Sorce Marionne stared across the water at the slowly receding port of the city of Raguna, the light reflecting from the setting sun dancing in her eyes off the sea, shrouding the ancient metal that lay below the waves. All across the length of the trading docks which ran around the entire side of the city that faced the continent, the port was alive with the flickering lights of lamp and torches, in sharp contrast to the steady electric lights of the city itself. Beyond the port, the windows of the high steel and alloy towers were already lighting up. She saw the 9:75 DT line rolling across its elevated rail, in dull orange light. Even with dulled and old metal, the towers of the city reflected the colors of twilight, glowing in different shades of orange and gold.

She told herself it probably wasn’t the last she’d ever see of home.

It had been only half an hour since she’d parted from her family. Raguna’s port had been filled with travelers, mostly foreigners with their bright and vivid hair, but here and there she’d caught a glimpse of people with their hair in Messiarki shades. Some had been government officials and workers, likely shipping off to embassies on the outside, though a few had the affluent air, good looks and large protective security details of businessmen. A few were dressed as if for an excursion trip, likely to see the forests and hills around Replija. Some of those people had boarded the Yribus with her. It was a relatively inexpensive passage, but because of its primitiveness not many Messiarki preferred it. The others had taken faster, metal-hulled cutters to Relvin, intent on business and government affairs.
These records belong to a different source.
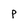
Character: p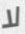
لا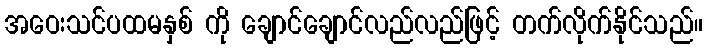
အဝေးသင်ပထမနှစ် ကို ချောင်ချောင်လည်လည်ဖြင့် တက်လိုက်နိုင်သည်။

She herself was in no hurry, and had chosen the ship to begin acclimating herself to the living conditions of the continent.

Her family and a few friends had seen her off. Her younger brother Shad had cried, tugging on the thick trousers of her new wilderness clothes and begged her not to go with a great many fallacies. Neeka, her close intimate since Basic Education, had hugged her and kissed her good-bye. The girl had always been the emotional sort, Sorce  thought as she’d licked her lips in remembrance, but she smiled fondly as she’d thought it. Neeka’s current partner and Sorce’s other intimate since Basic Education had hugged her too, without the kiss. Her current partnership was too new for it to be acceptable unless Sorce initiated it first, which she had chosen not to.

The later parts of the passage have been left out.